Se aproximaba la hora de la comida y el abuelo no volvía. Entró llamada al celular de mi madre. Contestó. Enmudeció, se puso pálida, buscó un asiento para evitar una caída. Era el propio rector de la universidad quien hablaba para darnos la mala nueva. Había terminado sus clases, se dirigía al estacionamiento, en ese momento se escuchó la alarma sísmica, los estudiantes, maestros y empleados corrieron a refugiarse en los estacionamientos. El caos total. Falsa alarma. Cuando se recuperó la calma, un guardia descubrió que el motor del auto del abuelo estaba en marcha, pero él no se encontraba dentro, ni en los alrededores. Dieron aviso a las salidas del campus para que estuvieran alertas. Revisaron las cámaras de seguridad donde se le ve caminando, distraído, aborda su vehículo, empieza el maremágnum, la gente -corriendo- impide la visibilidad. Por fin vuelven a los salones y oficinas. El oficial se acerca al auto, entra y apaga el motor, se guarda las llaves y da aviso a la comandancia, aparecen patrullas.

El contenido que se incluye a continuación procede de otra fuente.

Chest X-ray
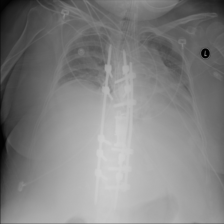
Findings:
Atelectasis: negative
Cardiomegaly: negative
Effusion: negative
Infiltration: negative
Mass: negative
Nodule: negative
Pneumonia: negative
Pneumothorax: negative
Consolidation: negative
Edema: negative
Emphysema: negative
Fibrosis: negative
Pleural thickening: negative
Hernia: negative

Llega mi padre, se entera, da aviso al canciller de la república, íntimo amigo de la familia, quien promete llamar al secretario de seguridad. Avanzan las horas, termina el día, la desesperación crece. No hemos probado bocado, ni quien piense en ello. Las doce de la noche, el reloj de campanario suelta sus graves letanías: diez, once, doce, y cuando esperamos el silencio, las campanas siguen sonando, hasta llegar a veinte. Mi madre se levanta desconcertada, que extraño, dice, este reloj es herencia de mi bisabuela y estoy segura que en más de cien años jamás había ocurrido algo semejante. Mi padre, exasperado, afirma que el abuelo no llegará, hora de ir a dormir a pesar de las protestas de mi madre. Las tres de la mañana, sigo insomne, escucho los suaves trinos del violín del abuelo, que van tomando fuerza. Se abre la puerta de la recámara de mis padres, percibo molestia en el tono de su voz, inusitadamente alto. Qué bueno que haya llegado -escucho- pero no es admisible que después de la tarde que nos ha dado haga ese escándalo a estas horas de la noche, mi madre corre tras él para tratar de evitar un desaguisado, los sigo de acerca. Llegamos a los oscuros aposentos del abuelo. No hay nadie, el violín está en su estuche, en el sitio acostumbrado. Mi padre no se da por vencido, revisa el estudio, el baño, la biblioteca; me mira con aire severo, no es momento para bromas estúpidas, y es que me tiene por excéntrico, frívolo y loco. Yo no fui -contesto-, mi madre solloza, me abraza. El violín abandona el cuarto, horas más tarde saldrá de casa y será llevado a una de nuestras empresas, para evitar otra broma idiota.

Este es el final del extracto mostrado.